Upward helps startups remove financial infrastructure roadblocks

When startups build fintech products for independent workers, creators, or small businesses, one challenge tends to surface quickly: money movement. Paying users quickly and compliantly can take months of banking integrations, legal reviews, and vendor contracts, often slowing growth before a product ever reaches scale.

Upward was created to remove that friction.

Co-founded in 2021 by Aaron Gregory, Chris Hasz, and Danielle Hill, the team built a platform to help companies embed payments, cards, and banking tools directly into their products without having to assemble financial infrastructure on their own.

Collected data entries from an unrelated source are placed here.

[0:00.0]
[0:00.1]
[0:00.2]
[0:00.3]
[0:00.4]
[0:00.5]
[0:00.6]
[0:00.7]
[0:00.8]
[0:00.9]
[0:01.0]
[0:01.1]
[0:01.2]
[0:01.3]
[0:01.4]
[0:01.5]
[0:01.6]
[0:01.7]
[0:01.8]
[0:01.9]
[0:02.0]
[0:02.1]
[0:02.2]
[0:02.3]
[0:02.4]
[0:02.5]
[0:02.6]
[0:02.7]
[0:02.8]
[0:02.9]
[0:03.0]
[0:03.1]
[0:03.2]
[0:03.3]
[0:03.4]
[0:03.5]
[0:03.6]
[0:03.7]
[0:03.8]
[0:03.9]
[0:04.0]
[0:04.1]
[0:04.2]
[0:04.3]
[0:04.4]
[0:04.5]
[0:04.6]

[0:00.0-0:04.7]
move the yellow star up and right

Upward operates with dual headquarters in Milwaukee and Seattle and employs a 20-person team. Its technology sits behind a growing number of platforms that need to move money quickly and responsibly, from instant worker payouts to branded card programs, allowing startups to launch features in weeks rather than months.

The company’s approach is rooted in experience. The founders previously worked at Remitly, where they saw firsthand how complex it can be for consumer-facing platforms to bring financial products to market. With Upward, they set out to build a simpler, unified system designed specifically for companies serving nontraditional users such as gig workers, creators, and solo entrepreneurs.

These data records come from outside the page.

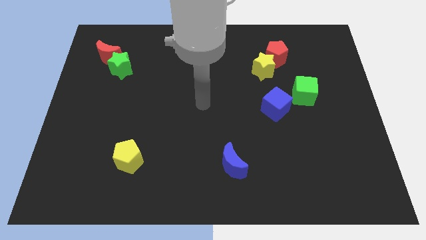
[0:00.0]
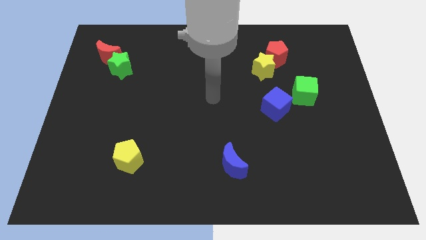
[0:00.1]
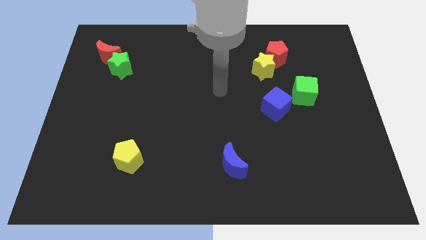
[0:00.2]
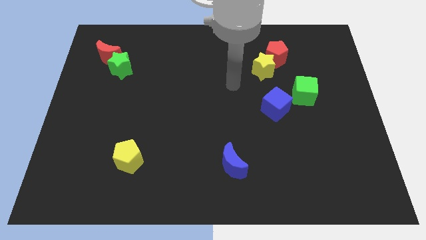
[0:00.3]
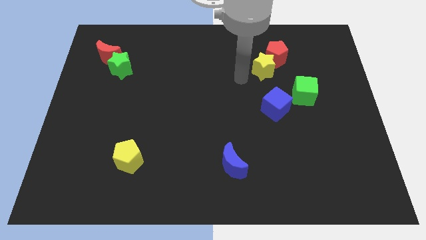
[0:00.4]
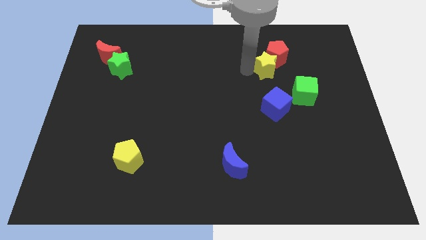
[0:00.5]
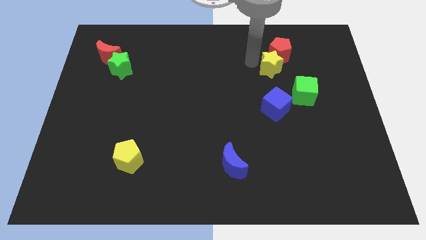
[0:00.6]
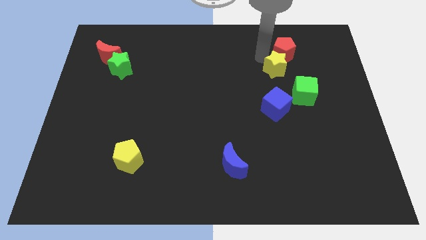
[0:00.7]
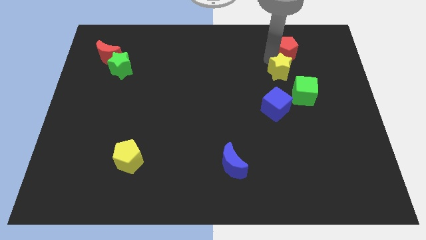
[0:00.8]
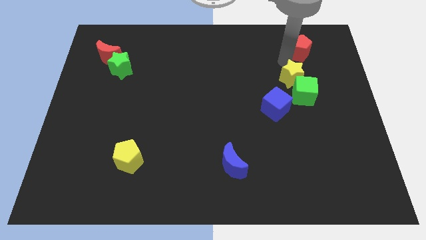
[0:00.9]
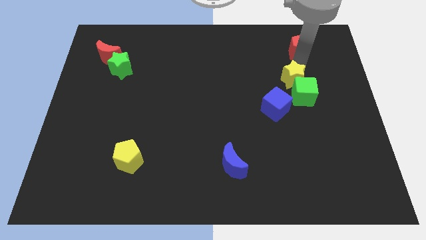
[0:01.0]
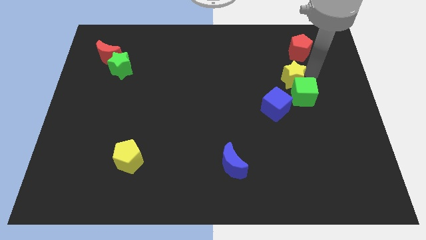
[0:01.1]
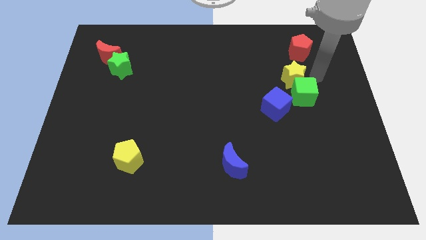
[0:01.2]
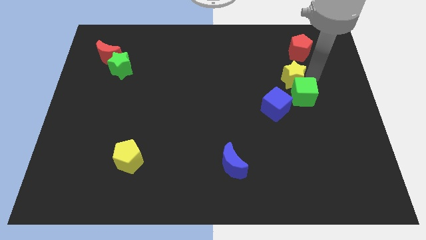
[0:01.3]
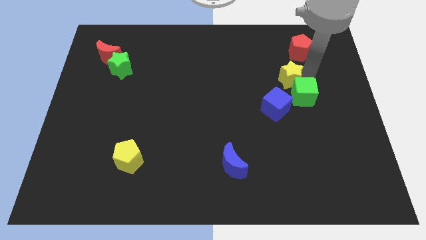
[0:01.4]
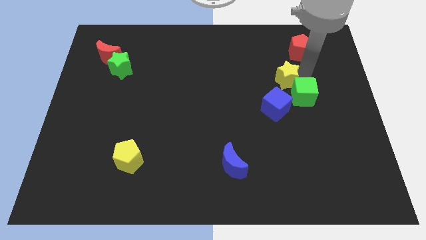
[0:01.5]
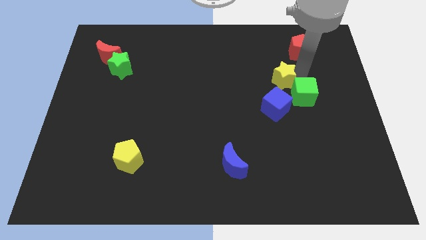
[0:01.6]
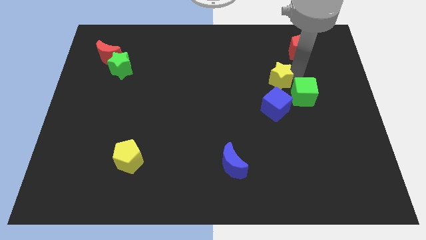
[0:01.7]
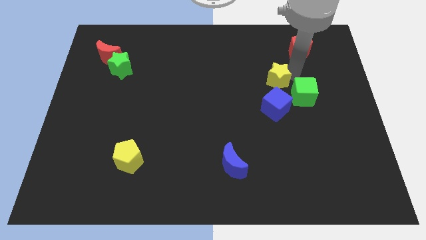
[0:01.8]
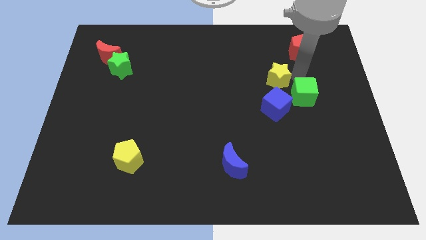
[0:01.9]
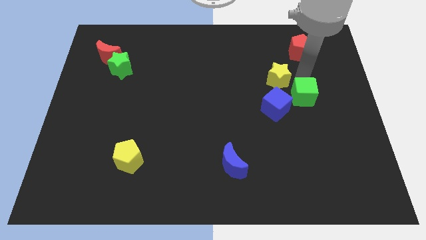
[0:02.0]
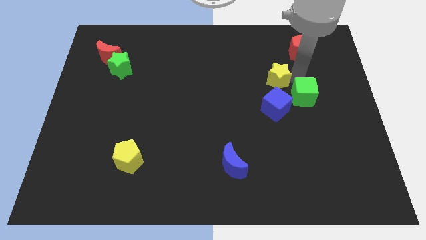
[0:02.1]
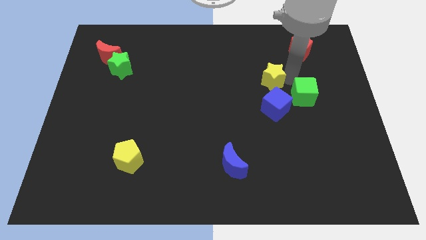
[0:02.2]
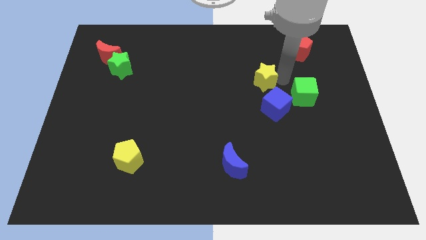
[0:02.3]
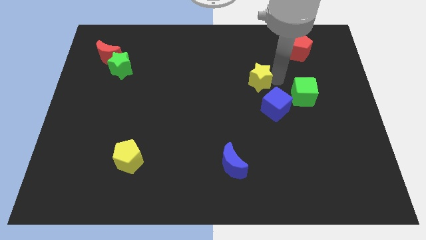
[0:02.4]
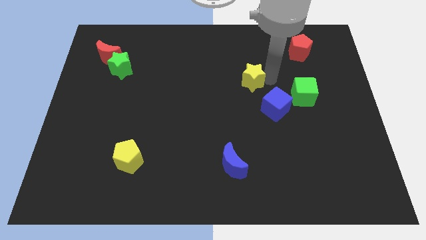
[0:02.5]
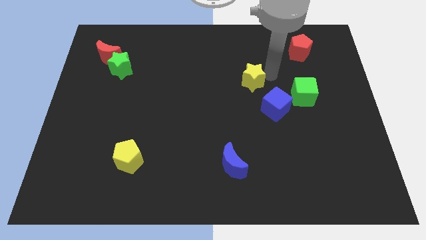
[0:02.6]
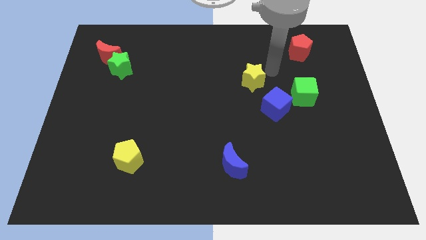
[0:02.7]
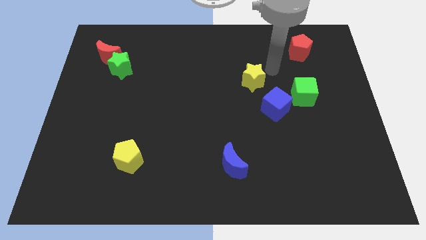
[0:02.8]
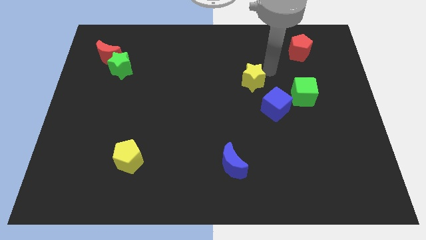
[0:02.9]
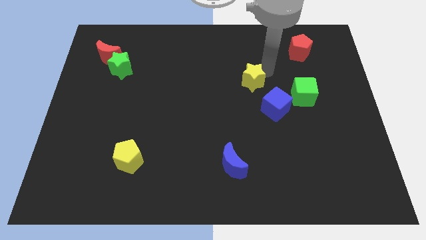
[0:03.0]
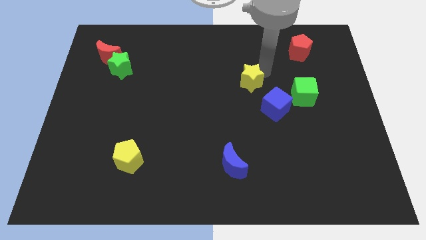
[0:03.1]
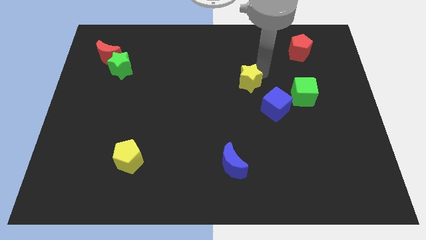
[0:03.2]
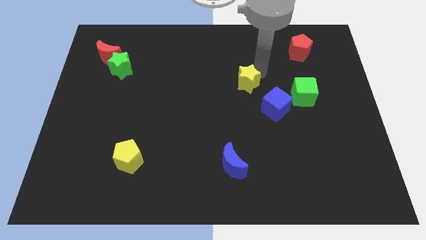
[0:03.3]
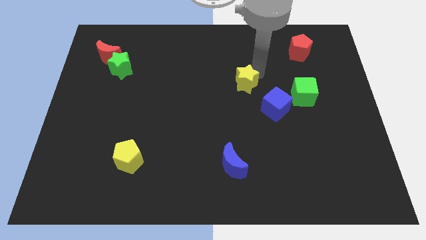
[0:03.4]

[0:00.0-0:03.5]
slide the yellow star diagonally down and left a little

Upward client TipHaus, a Seattle-based company that builds financial tools for restaurant workers, uses the platform to power its HausMoney product, which allows workers to receive tips instantly rather than waiting for traditional payroll cycles. By embedding payouts directly into its software, TipHaus is able to focus its resources on scaling its product and customer base rather than building and maintaining its own financial infrastructure.

That focus has resonated with customers and investors. In November 2025, Upward raised $9.03 million in new funding, bringing its total capital raised to $12.28 million. The company now processes more than $10 million in monthly payment volume and reports strong year-over-year growth as more startups turn to embedded financial tools as a driver of user retention and scale.

As more software companies look to embed financial features into their products, Upward’s role is increasingly behind the scenes. By handling the complexity of payments, banking, and compliance, the company aims to help startups focus less on infrastructure and more on building, scaling, and serving their customers.